If you were asked right now to tell everything you learned in life and how it’s made you happy, should I pencil you in for an afternoon or will it take a million years?

This Tuesday, the Old Men of the Mountain sauntered over to the Middleburgh Diner in Middleburgh for their first cup of coffee. Not all the OMOTM start out with coffee, some take just water, with a few it is orange juice, but some type of liquid starts the day just as long it is not a “Bud” or a shot of this or that. The OF who starts out with those to start the day has a problem.

The OFs continued with their conversation on motorcycles like the OGs were in a type of soap opera. A few of the OFs missed the report from last week on the OF’s bike trip through New Zealand, and these OGs wanted to bring up the New Zealand discussion again only with different questions about the trip and the country.

However, this conversation turned to types of riders and ages and, like most hobbies or interests that started when the OFs were young and continued well into the OFs later years, motorcycle riding is one.

Years ago, there was an OF who, in his middle years, lost a leg. This OF continued to ride his bike with just one leg. The OF did have a prosthetic leg which he handled very well.

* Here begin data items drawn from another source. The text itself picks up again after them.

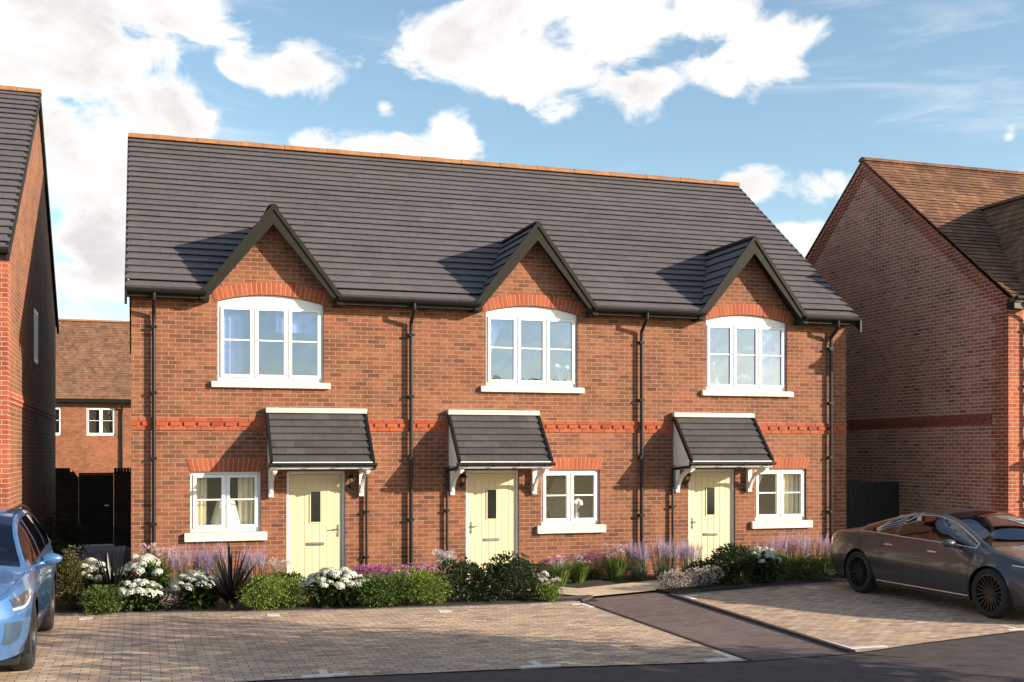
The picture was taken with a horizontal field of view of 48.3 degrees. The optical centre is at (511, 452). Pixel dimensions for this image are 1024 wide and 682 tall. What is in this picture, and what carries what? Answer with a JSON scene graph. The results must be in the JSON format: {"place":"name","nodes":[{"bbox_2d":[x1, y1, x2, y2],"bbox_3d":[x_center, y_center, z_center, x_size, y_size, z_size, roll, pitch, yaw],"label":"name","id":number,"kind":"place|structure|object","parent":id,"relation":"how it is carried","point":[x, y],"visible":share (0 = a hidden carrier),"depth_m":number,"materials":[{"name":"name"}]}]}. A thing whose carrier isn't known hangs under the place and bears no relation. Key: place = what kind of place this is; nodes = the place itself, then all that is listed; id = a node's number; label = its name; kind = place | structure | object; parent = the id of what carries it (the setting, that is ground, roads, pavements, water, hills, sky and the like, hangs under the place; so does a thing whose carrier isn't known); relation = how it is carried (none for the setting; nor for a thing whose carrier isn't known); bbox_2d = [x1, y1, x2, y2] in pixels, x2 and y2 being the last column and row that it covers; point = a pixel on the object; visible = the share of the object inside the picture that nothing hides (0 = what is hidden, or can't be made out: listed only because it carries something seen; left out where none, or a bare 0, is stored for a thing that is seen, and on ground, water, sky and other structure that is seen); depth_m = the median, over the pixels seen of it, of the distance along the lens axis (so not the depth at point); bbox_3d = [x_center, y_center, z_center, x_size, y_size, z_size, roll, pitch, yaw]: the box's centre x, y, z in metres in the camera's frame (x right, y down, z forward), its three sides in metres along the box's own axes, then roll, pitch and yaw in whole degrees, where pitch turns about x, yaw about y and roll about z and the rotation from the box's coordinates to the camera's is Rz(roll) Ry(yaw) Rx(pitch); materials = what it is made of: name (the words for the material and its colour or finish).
{"place":"outdoors","nodes":[
{"label":"outdoors","id":0,"kind":"place"},
{"bbox_2d":[55,546,125,595],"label":"alley path","id":1,"kind":"structure","parent":0,"point":[103,551],"depth_m":26.30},
{"bbox_2d":[0,0,1023,320],"label":"sky","id":2,"kind":"structure","parent":0,"point":[782,100],"materials":[{"name":"blue"}]},
{"bbox_2d":[79,544,1020,681],"bbox_3d":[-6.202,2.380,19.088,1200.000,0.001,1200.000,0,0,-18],"label":"ground","id":3,"kind":"structure","parent":0,"point":[127,557],"depth_m":13.13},
{"bbox_2d":[0,85,58,541],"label":"detached house","id":4,"kind":"structure","parent":3,"relation":"on","point":[29,322],"depth_m":21.09,"materials":[{"name":"red brick"}]},
{"bbox_2d":[34,308,37,363],"bbox_3d":[-9.336,-2.260,22.328,0.082,1.020,0.800,0,0,-18],"label":"window","id":5,"kind":"structure","parent":4,"relation":"in","point":[35,312],"depth_m":22.31,"materials":[{"name":"white plastic"}]},
{"bbox_2d":[56,468,78,546],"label":"garden wall","id":6,"kind":"structure","parent":3,"relation":"on","point":[67,490],"depth_m":28.44,"materials":[{"name":"brick"}]},
{"bbox_2d":[56,319,130,476],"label":"detached house","id":7,"kind":"structure","parent":3,"relation":"on","point":[93,395],"depth_m":53.98,"materials":[{"name":"orange brick"}]},
{"bbox_2d":[87,408,114,435],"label":"window","id":8,"kind":"structure","parent":7,"relation":"in","point":[100,420],"depth_m":53.76,"materials":[{"name":"white plastic"}]},
{"bbox_2d":[114,468,130,546],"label":"garden wall","id":9,"kind":"structure","parent":3,"relation":"on","point":[122,508],"depth_m":28.84,"materials":[{"name":"brick"}]},
{"bbox_2d":[79,473,113,544],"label":"garden gate","id":10,"kind":"structure","parent":9,"relation":"attached to","point":[96,503],"depth_m":28.71,"materials":[{"name":"wood"}]},
{"bbox_2d":[124,132,412,587],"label":"terraced house","id":11,"kind":"structure","parent":3,"relation":"on","point":[308,432],"depth_m":19.99,"materials":[{"name":"red brick"}]},
{"bbox_2d":[193,474,206,524],"bbox_3d":[-5.377,0.850,19.608,0.280,1.200,0.044,0,0,-18],"label":"curtain","id":12,"kind":"object","parent":11,"relation":"in","point":[201,506],"visible":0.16,"depth_m":19.62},
{"bbox_2d":[210,500,240,524],"bbox_3d":[-4.958,1.140,19.870,0.527,0.620,0.527,0,0,5],"label":"table lamp","id":13,"kind":"object","parent":11,"relation":"in","point":[234,518],"visible":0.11,"depth_m":19.73,"materials":[{"name":"fabric"}]},
{"bbox_2d":[184,472,266,541],"bbox_3d":[-4.891,0.920,19.535,1.370,1.180,0.190,0,0,-18],"label":"window","id":14,"kind":"structure","parent":11,"relation":"in","point":[226,531],"depth_m":19.54,"materials":[{"name":"white plastic"}]},
{"bbox_2d":[224,310,242,377],"bbox_3d":[-4.857,-1.900,19.787,0.410,1.500,0.044,0,0,-18],"label":"curtain","id":15,"kind":"object","parent":11,"relation":"in","point":[233,350],"visible":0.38,"depth_m":19.80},
{"bbox_2d":[238,477,253,523],"bbox_3d":[-4.569,0.850,19.871,0.380,1.200,0.044,0,0,-18],"label":"curtain","id":16,"kind":"object","parent":11,"relation":"in","point":[246,507],"visible":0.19,"depth_m":19.86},
{"bbox_2d":[211,296,330,388],"bbox_3d":[-4.163,-1.912,19.771,2.020,1.605,0.190,0,0,-18],"label":"window","id":17,"kind":"structure","parent":11,"relation":"in","point":[287,305],"depth_m":19.77,"materials":[{"name":"white plastic"}]},
{"bbox_2d":[276,312,315,333],"bbox_3d":[-3.807,-2.375,20.129,0.700,0.550,0.044,0,0,-18],"label":"curtain","id":18,"kind":"object","parent":11,"relation":"in","point":[305,323],"visible":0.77,"depth_m":20.15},
{"bbox_2d":[289,474,340,579],"bbox_3d":[-3.445,1.353,20.052,0.910,1.935,0.110,0,0,-18],"label":"door","id":19,"kind":"structure","parent":11,"relation":"in","point":[314,499],"depth_m":20.05,"materials":[{"name":"yellow wood"}]},
{"bbox_2d":[55,600,579,614],"bbox_3d":[-6.150,2.364,16.564,14.739,0.060,0.513,0,0,-10],"label":"kerb strip","id":20,"kind":"object","parent":3,"relation":"on","point":[317,610],"visible":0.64,"depth_m":16.87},
{"bbox_2d":[55,582,598,612],"bbox_3d":[-3.444,2.337,18.205,9.100,0.022,3.374,0,0,-18],"label":"planting bed","id":21,"kind":"object","parent":3,"relation":"on","point":[221,605],"visible":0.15,"depth_m":17.47,"materials":[{"name":"soil"}]},
{"bbox_2d":[55,545,87,609],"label":"shrub","id":22,"kind":"object","parent":21,"relation":"on","point":[71,566],"visible":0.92,"depth_m":16.95,"materials":[{"name":"green plant"}]},
{"bbox_2d":[61,557,120,606],"bbox_3d":[-6.448,2.035,17.502,0.960,0.856,0.892,0,0,-18],"label":"hydrangea","id":23,"kind":"object","parent":21,"relation":"on","point":[93,567],"visible":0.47,"depth_m":17.34,"materials":[{"name":"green plant"}]},
{"bbox_2d":[77,580,134,614],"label":"shrub","id":24,"kind":"object","parent":21,"relation":"on","point":[105,592],"visible":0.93,"depth_m":16.54,"materials":[{"name":"green plant"}]},
{"bbox_2d":[66,551,158,600],"bbox_3d":[-5.996,1.846,17.187,1.428,0.988,1.519,0,0,-18],"label":"cordyline","id":25,"kind":"object","parent":21,"relation":"on","point":[111,577],"visible":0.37,"depth_m":17.17,"materials":[{"name":"green plant"}]},
{"bbox_2d":[109,578,169,612],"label":"hydrangea","id":26,"kind":"object","parent":21,"relation":"on","point":[145,595],"visible":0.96,"depth_m":16.80,"materials":[{"name":"white plant"}]},
{"bbox_2d":[117,553,173,594],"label":"hydrangea","id":27,"kind":"object","parent":21,"relation":"on","point":[155,569],"visible":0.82,"depth_m":17.61,"materials":[{"name":"white plant"}]},
{"bbox_2d":[137,542,176,584],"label":"flowering perennial","id":28,"kind":"object","parent":21,"relation":"on","point":[158,551],"visible":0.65,"depth_m":18.39,"materials":[{"name":"pink plant"}]},
{"bbox_2d":[157,587,181,609],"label":"heather","id":29,"kind":"object","parent":21,"relation":"on","point":[168,601],"visible":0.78,"depth_m":16.98,"materials":[{"name":"grey plant"}]},
{"bbox_2d":[166,541,196,595],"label":"flowering perennial","id":30,"kind":"object","parent":21,"relation":"on","point":[175,563],"visible":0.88,"depth_m":18.42,"materials":[{"name":"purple plant"}]},
{"bbox_2d":[170,569,220,609],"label":"hydrangea","id":31,"kind":"object","parent":21,"relation":"on","point":[197,595],"visible":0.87,"depth_m":17.01,"materials":[{"name":"white plant"}]},
{"bbox_2d":[191,542,215,574],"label":"flowering perennial","id":32,"kind":"object","parent":21,"relation":"on","point":[198,559],"visible":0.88,"depth_m":18.50,"materials":[{"name":"purple plant"}]},
{"bbox_2d":[206,541,235,576],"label":"flowering perennial","id":33,"kind":"object","parent":21,"relation":"on","point":[224,555],"visible":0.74,"depth_m":18.66,"materials":[{"name":"purple plant"}]},
{"bbox_2d":[181,543,284,609],"bbox_3d":[-4.114,1.821,17.051,1.609,1.038,1.848,0,0,-18],"label":"cordyline","id":34,"kind":"object","parent":21,"relation":"on","point":[231,583],"visible":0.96,"depth_m":16.98,"materials":[{"name":"black plant"}]},
{"bbox_2d":[238,543,272,594],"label":"flowering perennial","id":35,"kind":"object","parent":21,"relation":"on","point":[247,559],"visible":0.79,"depth_m":18.86,"materials":[{"name":"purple plant"}]},
{"bbox_2d":[235,573,314,610],"bbox_3d":[-3.527,2.083,17.152,1.182,0.558,1.320,0,0,6],"label":"shrub","id":36,"kind":"object","parent":21,"relation":"on","point":[274,592],"visible":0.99,"depth_m":17.03,"materials":[{"name":"green plant"}]},
{"bbox_2d":[267,557,290,578],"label":"flowering perennial","id":37,"kind":"object","parent":21,"relation":"on","point":[274,567],"visible":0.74,"depth_m":18.80,"materials":[{"name":"pink plant"}]},
{"bbox_2d":[272,570,304,598],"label":"shrub","id":38,"kind":"object","parent":21,"relation":"on","point":[288,575],"visible":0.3,"depth_m":18.22,"materials":[{"name":"green plant"}]},
{"bbox_2d":[298,567,369,607],"bbox_3d":[-2.732,2.101,17.473,1.079,0.723,0.992,0,0,-18],"label":"hydrangea","id":39,"kind":"object","parent":21,"relation":"on","point":[328,584],"visible":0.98,"depth_m":17.23,"materials":[{"name":"white plant"}]},
{"bbox_2d":[340,579,378,605],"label":"shrub","id":40,"kind":"object","parent":21,"relation":"on","point":[355,599],"visible":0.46,"depth_m":17.35,"materials":[{"name":"green plant"}]},
{"bbox_2d":[351,563,394,595],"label":"flowering perennial","id":41,"kind":"object","parent":21,"relation":"on","point":[364,570],"visible":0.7,"depth_m":18.67,"materials":[{"name":"pink plant"}]},
{"bbox_2d":[351,571,424,607],"bbox_3d":[-1.907,2.087,17.450,1.183,0.566,1.020,0,0,-30],"label":"shrub","id":42,"kind":"object","parent":21,"relation":"on","point":[383,582],"visible":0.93,"depth_m":17.25,"materials":[{"name":"green plant"}]},
{"bbox_2d":[393,562,442,588],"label":"flowering perennial","id":43,"kind":"object","parent":21,"relation":"on","point":[422,567],"visible":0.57,"depth_m":18.85,"materials":[{"name":"pink plant"}]},
{"bbox_2d":[388,566,453,604],"bbox_3d":[-1.392,2.059,17.669,0.985,0.623,0.985,0,0,-34],"label":"shrub","id":44,"kind":"object","parent":21,"relation":"on","point":[426,580],"visible":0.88,"depth_m":17.50,"materials":[{"name":"green plant"}]},
{"bbox_2d":[430,549,457,590],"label":"flowering perennial","id":45,"kind":"object","parent":21,"relation":"on","point":[446,554],"visible":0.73,"depth_m":19.11,"materials":[{"name":"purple plant"}]},
{"bbox_2d":[435,554,488,602],"bbox_3d":[-0.817,1.989,17.960,0.903,0.788,0.764,0,0,12],"label":"shrub","id":46,"kind":"object","parent":21,"relation":"on","point":[464,568],"visible":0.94,"depth_m":17.89,"materials":[{"name":"green plant"}]},
{"bbox_2d":[471,562,511,601],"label":"shrub","id":47,"kind":"object","parent":21,"relation":"on","point":[491,571],"visible":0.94,"depth_m":17.94,"materials":[{"name":"green plant"}]},
{"bbox_2d":[485,551,537,599],"bbox_3d":[0.048,1.970,18.219,0.986,0.792,0.936,0,0,31],"label":"shrub","id":48,"kind":"object","parent":21,"relation":"on","point":[520,585],"visible":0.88,"depth_m":18.09,"materials":[{"name":"green plant"}]},
{"bbox_2d":[530,571,558,595],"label":"hydrangea","id":49,"kind":"object","parent":21,"relation":"on","point":[541,573],"visible":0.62,"depth_m":18.50,"materials":[{"name":"white plant"}]},
{"bbox_2d":[532,582,563,601],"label":"shrub","id":50,"kind":"object","parent":21,"relation":"on","point":[551,591],"visible":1,"depth_m":17.94,"materials":[{"name":"green plant"}]},
{"bbox_2d":[533,573,568,597],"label":"flowering perennial","id":51,"kind":"object","parent":21,"relation":"on","point":[551,580],"visible":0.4,"depth_m":18.29,"materials":[{"name":"white plant"}]},
{"bbox_2d":[556,595,592,601],"bbox_3d":[1.060,2.330,18.271,0.528,0.060,0.548,0,0,39],"label":"bed edging","id":52,"kind":"object","parent":21,"relation":"on","point":[585,597],"visible":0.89,"depth_m":18.27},
{"bbox_2d":[0,602,747,681],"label":"parking bays","id":53,"kind":"object","parent":3,"relation":"on","point":[227,647],"visible":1,"depth_m":13.98,"materials":[{"name":"brick"}]},
{"bbox_2d":[0,504,61,669],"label":"parked car","id":54,"kind":"object","parent":53,"relation":"on","point":[29,558],"visible":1,"depth_m":12.74,"materials":[{"name":"blue metal"}]},
{"bbox_2d":[300,669,348,678],"bbox_3d":[-2.014,2.357,12.184,0.500,0.025,0.320,0,0,-18],"label":"bay marker","id":55,"kind":"object","parent":53,"relation":"on","point":[324,672],"visible":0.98,"depth_m":12.07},
{"bbox_2d":[519,661,560,669],"bbox_3d":[0.272,2.357,12.706,0.470,0.025,0.340,0,0,-18],"label":"bay marker","id":56,"kind":"object","parent":53,"relation":"on","point":[536,664],"visible":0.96,"depth_m":12.58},
{"bbox_2d":[702,650,740,662],"bbox_3d":[2.311,2.357,13.195,0.450,0.025,0.570,0,0,-18],"label":"bay marker","id":57,"kind":"object","parent":53,"relation":"on","point":[731,657],"visible":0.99,"depth_m":13.00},
{"bbox_2d":[337,152,646,577],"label":"terraced house","id":58,"kind":"structure","parent":3,"relation":"on","point":[521,450],"depth_m":21.41,"materials":[{"name":"red brick"}]},
{"bbox_2d":[468,473,514,574],"bbox_3d":[-0.373,1.353,21.050,0.910,1.935,0.110,0,0,-18],"label":"door","id":59,"kind":"structure","parent":58,"relation":"in","point":[491,496],"depth_m":21.04,"materials":[{"name":"yellow wood"}]},
{"bbox_2d":[487,320,504,382],"bbox_3d":[-0.264,-1.900,21.280,0.530,1.500,0.044,0,0,-18],"label":"curtain","id":60,"kind":"object","parent":58,"relation":"in","point":[496,325],"visible":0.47,"depth_m":21.26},
{"bbox_2d":[480,306,583,392],"bbox_3d":[0.373,-1.912,21.245,2.020,1.605,0.190,0,0,-18],"label":"window","id":61,"kind":"structure","parent":58,"relation":"in","point":[522,313],"depth_m":21.24,"materials":[{"name":"white plastic"}]},
{"bbox_2d":[553,363,568,380],"bbox_3d":[0.903,-1.451,21.623,0.303,0.442,0.330,0,0,-18],"label":"vase","id":62,"kind":"object","parent":58,"relation":"in","point":[556,367],"visible":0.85,"depth_m":21.58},
{"bbox_2d":[537,470,605,533],"bbox_3d":[1.101,0.920,21.482,1.370,1.180,0.190,0,0,-18],"label":"window","id":63,"kind":"structure","parent":58,"relation":"in","point":[550,525],"depth_m":21.50,"materials":[{"name":"white plastic"}]},
{"bbox_2d":[574,498,582,517],"bbox_3d":[1.223,1.111,21.772,0.268,0.498,0.314,0,0,-18],"label":"vase","id":64,"kind":"object","parent":58,"relation":"in","point":[578,502],"visible":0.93,"depth_m":21.74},
{"bbox_2d":[583,601,751,661],"bbox_3d":[1.904,2.368,15.418,0.050,0.060,5.270,0,0,-17],"label":"path edging","id":65,"kind":"object","parent":3,"relation":"on","point":[702,643],"visible":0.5,"depth_m":14.74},
{"bbox_2d":[656,589,700,593],"bbox_3d":[2.794,2.330,19.172,0.511,0.060,0.558,0,0,-34],"label":"bed edging","id":66,"kind":"object","parent":3,"relation":"on","point":[678,592],"visible":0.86,"depth_m":19.02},
{"bbox_2d":[560,569,847,589],"bbox_3d":[4.621,2.337,21.214,8.100,0.022,2.634,0,0,-18],"label":"planting bed","id":67,"kind":"object","parent":3,"relation":"on","point":[603,580],"visible":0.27,"depth_m":20.68,"materials":[{"name":"soil"}]},
{"bbox_2d":[540,555,573,576],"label":"flowering perennial","id":68,"kind":"object","parent":67,"relation":"on","point":[565,558],"visible":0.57,"depth_m":20.91,"materials":[{"name":"pink plant"}]},
{"bbox_2d":[538,557,580,585],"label":"flowering perennial","id":69,"kind":"object","parent":67,"relation":"on","point":[562,573],"visible":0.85,"depth_m":19.91,"materials":[{"name":"green plant"}]},
{"bbox_2d":[558,554,599,582],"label":"flowering perennial","id":70,"kind":"object","parent":67,"relation":"on","point":[578,575],"visible":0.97,"depth_m":20.39,"materials":[{"name":"green plant"}]},
{"bbox_2d":[573,551,608,579],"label":"flowering perennial","id":71,"kind":"object","parent":67,"relation":"on","point":[592,574],"visible":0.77,"depth_m":21.07,"materials":[{"name":"pink plant"}]},
{"bbox_2d":[591,543,635,580],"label":"flowering perennial","id":72,"kind":"object","parent":67,"relation":"on","point":[614,568],"visible":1,"depth_m":20.84,"materials":[{"name":"green plant"}]},
{"bbox_2d":[625,538,656,579],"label":"flowering perennial","id":73,"kind":"object","parent":67,"relation":"on","point":[638,571],"visible":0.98,"depth_m":20.94,"materials":[{"name":"purple plant"}]},
{"bbox_2d":[648,534,680,577],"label":"flowering perennial","id":74,"kind":"object","parent":67,"relation":"on","point":[664,550],"visible":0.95,"depth_m":21.07,"materials":[{"name":"purple plant"}]},
{"bbox_2d":[676,536,702,577],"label":"flowering perennial","id":75,"kind":"object","parent":67,"relation":"on","point":[687,551],"visible":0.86,"depth_m":21.25,"materials":[{"name":"purple plant"}]},
{"bbox_2d":[684,565,722,587],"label":"heather","id":76,"kind":"object","parent":67,"relation":"on","point":[697,572],"visible":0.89,"depth_m":19.56,"materials":[{"name":"grey plant"}]},
{"bbox_2d":[686,558,723,583],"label":"shrub","id":77,"kind":"object","parent":67,"relation":"on","point":[701,564],"visible":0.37,"depth_m":20.14,"materials":[{"name":"green plant"}]},
{"bbox_2d":[706,542,759,584],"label":"shrub","id":78,"kind":"object","parent":67,"relation":"on","point":[726,557],"visible":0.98,"depth_m":20.10,"materials":[{"name":"green plant"}]},
{"bbox_2d":[740,546,788,582],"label":"hydrangea","id":79,"kind":"object","parent":67,"relation":"on","point":[766,569],"visible":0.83,"depth_m":20.51,"materials":[{"name":"green plant"}]},
{"bbox_2d":[756,531,787,565],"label":"flowering perennial","id":80,"kind":"object","parent":67,"relation":"on","point":[778,546],"visible":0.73,"depth_m":21.93,"materials":[{"name":"purple plant"}]},
{"bbox_2d":[772,550,795,578],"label":"shrub","id":81,"kind":"object","parent":67,"relation":"on","point":[782,556],"visible":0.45,"depth_m":20.98,"materials":[{"name":"green plant"}]},
{"bbox_2d":[781,529,811,572],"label":"flowering perennial","id":82,"kind":"object","parent":67,"relation":"on","point":[800,548],"visible":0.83,"depth_m":22.15,"materials":[{"name":"purple plant"}]},
{"bbox_2d":[782,554,837,580],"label":"shrub","id":83,"kind":"object","parent":67,"relation":"on","point":[814,561],"visible":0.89,"depth_m":21.05,"materials":[{"name":"green plant"}]},
{"bbox_2d":[806,531,832,572],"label":"flowering perennial","id":84,"kind":"object","parent":67,"relation":"on","point":[824,547],"visible":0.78,"depth_m":22.30,"materials":[{"name":"purple plant"}]},
{"bbox_2d":[556,168,861,573],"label":"terraced house","id":85,"kind":"structure","parent":3,"relation":"on","point":[697,261],"depth_m":22.81,"materials":[{"name":"red brick"}]},
{"bbox_2d":[690,472,730,569],"bbox_3d":[3.897,1.353,22.437,0.910,1.935,0.110,0,0,-18],"label":"door","id":86,"kind":"structure","parent":85,"relation":"in","point":[710,492],"depth_m":22.43,"materials":[{"name":"yellow wood"}]},
{"bbox_2d":[710,333,717,355],"bbox_3d":[4.036,-2.175,23.045,0.300,0.450,0.044,0,0,-18],"label":"curtain","id":87,"kind":"object","parent":85,"relation":"in","point":[713,342],"visible":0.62,"depth_m":23.06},
{"bbox_2d":[710,362,721,383],"bbox_3d":[4.018,-1.519,22.685,0.300,0.538,0.234,0,0,-40],"label":"vase","id":88,"kind":"object","parent":85,"relation":"in","point":[715,377],"visible":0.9,"depth_m":22.62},
{"bbox_2d":[701,315,793,396],"bbox_3d":[4.643,-1.912,22.633,2.020,1.605,0.190,0,0,-18],"label":"window","id":89,"kind":"structure","parent":85,"relation":"in","point":[735,322],"depth_m":22.64,"materials":[{"name":"white plastic"}]},
{"bbox_2d":[762,330,777,384],"bbox_3d":[5.195,-1.900,23.054,0.410,1.500,0.044,0,0,-18],"label":"curtain","id":90,"kind":"object","parent":85,"relation":"in","point":[769,363],"visible":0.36,"depth_m":23.05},
{"bbox_2d":[751,469,812,528],"bbox_3d":[5.371,0.920,22.869,1.370,1.180,0.190,0,0,-18],"label":"window","id":91,"kind":"structure","parent":85,"relation":"in","point":[787,520],"depth_m":22.89,"materials":[{"name":"white plastic"}]},
{"bbox_2d":[783,474,798,513],"bbox_3d":[5.636,0.850,23.186,0.460,1.200,0.044,0,0,-18],"label":"curtain","id":92,"kind":"object","parent":85,"relation":"in","point":[790,500],"visible":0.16,"depth_m":23.20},
{"bbox_2d":[585,592,857,660],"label":"footpath","id":93,"kind":"structure","parent":3,"relation":"on","point":[753,641],"depth_m":15.36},
{"bbox_2d":[669,593,854,654],"bbox_3d":[3.305,2.350,16.107,0.070,0.060,5.561,0,0,-14],"label":"path edging","id":94,"kind":"object","parent":93,"relation":"on","point":[817,640],"visible":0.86,"depth_m":15.40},
{"bbox_2d":[677,581,847,594],"bbox_3d":[5.605,2.366,20.378,6.781,0.060,0.310,0,0,-26],"label":"kerb strip","id":95,"kind":"object","parent":3,"relation":"on","point":[764,587],"visible":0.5,"depth_m":19.76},
{"bbox_2d":[688,582,1023,651],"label":"parking bays","id":96,"kind":"object","parent":3,"relation":"on","point":[845,614],"visible":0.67,"depth_m":16.57,"materials":[{"name":"brick"}]},
{"bbox_2d":[830,509,1023,617],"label":"parked car","id":97,"kind":"object","parent":96,"relation":"on","point":[976,556],"visible":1,"depth_m":17.37,"materials":[{"name":"grey paint"}]},
{"bbox_2d":[863,482,898,525],"bbox_3d":[8.105,1.485,25.182,0.980,1.670,0.050,0,0,-18],"label":"fence panel","id":98,"kind":"object","parent":3,"relation":"on","point":[880,501],"visible":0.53,"depth_m":25.15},
{"bbox_2d":[805,157,1023,517],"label":"detached house","id":99,"kind":"structure","parent":3,"relation":"on","point":[918,267],"depth_m":24.72,"materials":[{"name":"brown brick"}]},
{"bbox_3d":[6.531,1.420,24.623,0.150,1.860,0.150,0,0,-18],"label":"gate post","id":100,"kind":"object","parent":3,"relation":"on","visible":0},
{"bbox_2d":[846,479,862,528],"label":"garden gate","id":101,"kind":"structure","parent":100,"relation":"attached to","point":[854,503],"depth_m":24.89,"materials":[{"name":"wood"}]},
{"bbox_2d":[469,574,723,595],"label":"slab path","id":102,"kind":"structure","parent":0,"point":[652,585],"depth_m":19.48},
{"bbox_2d":[259,631,1023,681],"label":"road","id":103,"kind":"structure","parent":0,"point":[995,658],"depth_m":12.38,"materials":[{"name":"asphalt"}]},
{"bbox_2d":[659,584,752,592],"bbox_3d":[3.257,2.316,19.559,1.770,0.001,0.689,0,0,-30],"label":"planting bed front","id":104,"kind":"object","parent":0,"point":[713,587],"visible":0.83,"depth_m":19.59,"materials":[{"name":"soil"}]},
{"bbox_2d":[655,567,697,590],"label":"heather","id":105,"kind":"object","parent":104,"relation":"on","point":[674,574],"visible":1,"depth_m":19.18,"materials":[{"name":"grey plant"}]},
{"label":"alley soil","id":106,"kind":"structure","parent":0,"visible":0},
{"bbox_2d":[51,538,70,574],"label":"shrub","id":107,"kind":"object","parent":106,"relation":"on","point":[55,546],"visible":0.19,"depth_m":21.93,"materials":[{"name":"green plant"}]},
{"bbox_2d":[42,510,91,560],"bbox_3d":[-9.381,1.795,23.993,1.126,1.166,1.261,0,0,0],"label":"shrub","id":108,"kind":"object","parent":106,"relation":"on","point":[60,534],"visible":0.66,"depth_m":23.88,"materials":[{"name":"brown plant"}]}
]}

This OF also purchased a side car so he and the wife could travel about with the wind in their hair, the rain in their face, and the bugs on their teeth well into their senior years.

 

Anti-Rent Wars

The town of Knox on the hill is celebrating its bicentennial and some of the OFs are involved in this. A very interesting event that occurred in the 1800s that Knox and the other Hilltowns were very much a part of, is the Anti-Rent Wars.

The end of this disagreement settled the way we own property today throughout the country. “Very short version of the story.”

When traveling through the Hilltowns, the traveler may see a few state signs along the road mentioning the Anti-Rent Wars.

It is interesting to note that the building at the corner of routes 85 and 85A in New Salem that is now apartments was a tavern back then where the sheriff of Albany County massed an army to go after the anti-renters in Reidsville.

Reidsville is on Route 85, up the Letter S, two or three miles beyond Helderberg Lake. Altamont itself had quite a part in the settling of how landowners were to pay taxes and to whom.

Going back a few years into a bit of the local history, and listening to some of the names, the OFs commented that we are not too far removed from that period of time.

To which one OF said, “Because this group is growing a considerable amount of moss on our backside, and anyone can hear us coming by the creek of our canes, or the squeak of our un-oiled walker wheels, we should have a word added to the title of the OMOTM we should be GOMOTM, Grumpy Old Men of the Mountain.”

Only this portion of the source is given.